BOJONGSOANG,balebandung.com – Prasarana Sarana Utilitas Umum (PSU) Griya Bandung Asri (GBA) 2 dan 3 dibawah pengelolaan pengembang PT Margahayu Land diserahkan terimakan ke Pemerintah Kabupaten (Pemkab) Bandung, Kamis (22/9/2022).

Prosesi serah terima PSU dari PT Margahayu Land ke Pemkab Bandung, yaitu dari PT Margahayu Land diwakili Asep Komarudin dan diterima langsung oleh Bupati Bandung HM Dadang Supriatna di lingkungan GBA Jalan Ciganitri Desa Cipagalo Kecamatan Bojongsoang Kabupaten Bandung. Prosesi serah terima PSU GBA 2 dan 3 itu ditandai dengan penandatangan berita acara dan penandatangan prasasti yang ditandatangani Bupati Bandung Dadang Supriatna dan perwakilan dari PT. Margahayu Land Asep Komarudin.

Prosesi penyerahan PSU itu melewati proses panjang selama 29-30 tahun, sehingga penyerahan fasilitas sosial dan fasilitas umum ini disambut oleh masyarakat yang ada di GBA 2 dan 3 tersebut.

Bupati Dadang Supriatna mengungkapkan, bahwa selama kepemimpinannya di Kabupaten Bandung baru ada 10 pengembangan yang menyerahkan PSU-nya.

“Ada sekitar 460 pengembang lagi di Kabupaten Bandung yang belum menyerahkan fasilitas sosial dan fasilitas umumnya. Sementara PT Margahayu Land adalah yang paling banyak dan sudah ada lima fasos dan fasumnya, yang diserahkan ke Pemkab Bandung,” tutur Dadang Supriatna.

Bupati Bandung mengatakan, karena masih banyak pengembang yang belum menyerahkan fasos dan fasum, sehingga pada setiap bulannya akan dilakukan evaluasi.

“Evaluasi itu penting untuk dilakukan guna menanyakan, kenapa fasos dan fasumnya belum diserahkan. Apakah memang pekerjaannya tidak selesai, atau memang fasos fasumnya tidak ada atau hilang. Kadang-kadang terjadi perubahan siteplan saat di pertengahan atau diperjalanan,” katanya.
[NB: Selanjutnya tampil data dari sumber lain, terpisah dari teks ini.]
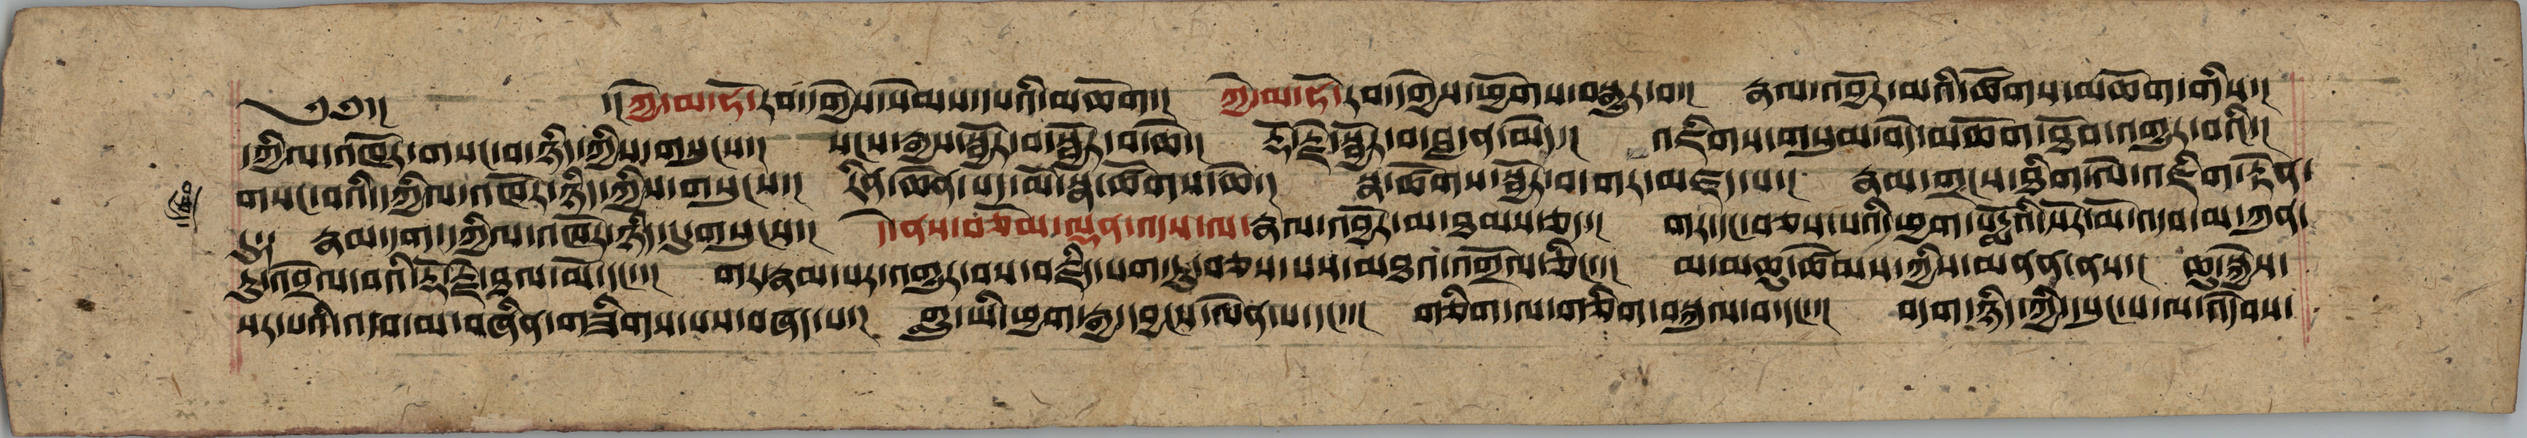༄༅་། ་།ཀྱེ་མ་ཧོ་རབ་དགྱེས་སེམས་དཔའི་མཆོག་། ཀྱེ་མ་ཧོ་རབ་དགྱེས་ཕྱོགས་བསྒྱུར་བ་། རྣལ་འབྱོར་མའི་ཚོགས་མཆོག་གིས་།
དཀྱིལ་འཁོར་གསང་བ་ཉིད་ཀྱིས་གསུངས་། སངས་རྒྱས་སྦྱོར་བ་སྦྱོར་བ་ཆེ་། རྡོ་རྗེ་སྦྱོར་བ་བླ་ན་མེད་། འཇིགས་གསུམ་བདེ་མཆོག་ཐོབ་འགྱུར་བའི་།
གསང་བའི་དཀྱིལ་འཁོར་ཉིད་ཀྱིས་གསུངས་། རིན་ཆེན་པད་མོ་སྣ་ཚོགས་ཆེ་། སྣ་ཚོགས་སྦྱོར་བ་གར་མཛད་པ་། རྣམ་གྲངས་ཐིག་ལེ་འཇིག་རྟེན་
དུ༑ རྣམ་དག་དཀྱིལ་འཁོར་ཉིད་དུ་གསུངས་། དེ་ནས་བཅོམ་ལྡན་འདས་ལ་རྣལ་འབྱོར་མ་ཐམས་ཅད་། གར་དང་བཅས་པའི་ཕྱག་པདྨོའི་སོར་མོ་འདབ་མ་ཀུན་
ཏུ་འབྲེལ་བའི་རྡོ་རྗེ་ཐལ་མོ་དང་་། གར་རྣམ་པར་འགྱུར་བས་བརྗིད་དཔག་ཏུ་བཅས་པས་མཐའ་འགྲོལ་ཅིང་་། མ་མཆུ་ཚེམས་ཀྱིས་མནན་ནས་། ཆུ་སྐྱེས་
སར་པའི་འདབ་མ་བཞིན་གཟིགས་པས་བཞད་པ་། གླུ་ཡི་ཕྱག་རྒྱ་དབྱངས་ལེན་པ་དང་་། གཅིག་ལ་གཅིག་བསྐུལ་བ་དང་་། བདག་ཉིད་ཀྱི་དཔུང་པ་ལ་འདེབས་

Bupati Bandung berharap pengembang di Kabupaten Bandung tetap konsisten, supaya tidak ada warga yang dirugikan. “Karena warga ini wajib kita lindungi, terutama yang ada di lingkungan perumahan tersebut. Insya Allah dengan cara persuasif dan humanis, dan pendekatan-pendekatan akan semakin banyak pengembang yang melaksanakan penyerahan fasos dan fasum ke Pemkab Bandung. Kita akan fokuskan, supaya mereka (pengembang) segera menyerahkan fasos dan fasum,” katanya.

Dikatakan Bupati, dengan adanya penyerahan fasos dan fasum dari pengembang perumahan tersebut, sehingga Pemkab Bandung sudah bisa menganggarkan untuk perbaikan jalan yang berasal dari APBD.

“Kalau fasos dan fasum tersebut sudah diserahkan pengembangan ke Pemkab Bandung, boleh digunakan fasilitas umum, misalnya untuk mendirikan sekolah PAUD, TK, SD, SMP, maupun SMA atau sederajat. Selain itu bisa digunakan untuk sarana masjid maupun tempat ibadah lainnya, termasuk bale musyawarah, dan kepentingan masyarakat lainnya,” tuturnya.

Bupati mengatakan, walau fasos dan fasum sudah diserahkan ke Pemkab Bandung, tetapi masyarakat maupun aparatur RW tak seenaknya memanfaatkan fasos dan fasum tersebut.

“Di dua lokasi ini (GBA 2 dan 3) ada 13,4 hektare fasos fasumnya, yang merupakan kewajiban dari para pengembang setelah mengembangkan pekerjaannya, maka fasos fasumnya diserahkan ke Pemkab Bandung,” kata Bupati Bandung.

Maksud dan tujuannya, lanjut Dadang Supriatna, setelah fasos dan fasum ini diserahkan ke Pemkab Bandung, nantinya menjadi tanggungjawab pemerintah daerah. Termasuk pemerintah desa dan anggaran di desa pun boleh digunakan untuk pengembangan dan perbaikan jalan atau prasarana dan sarana di kawasan perumahan.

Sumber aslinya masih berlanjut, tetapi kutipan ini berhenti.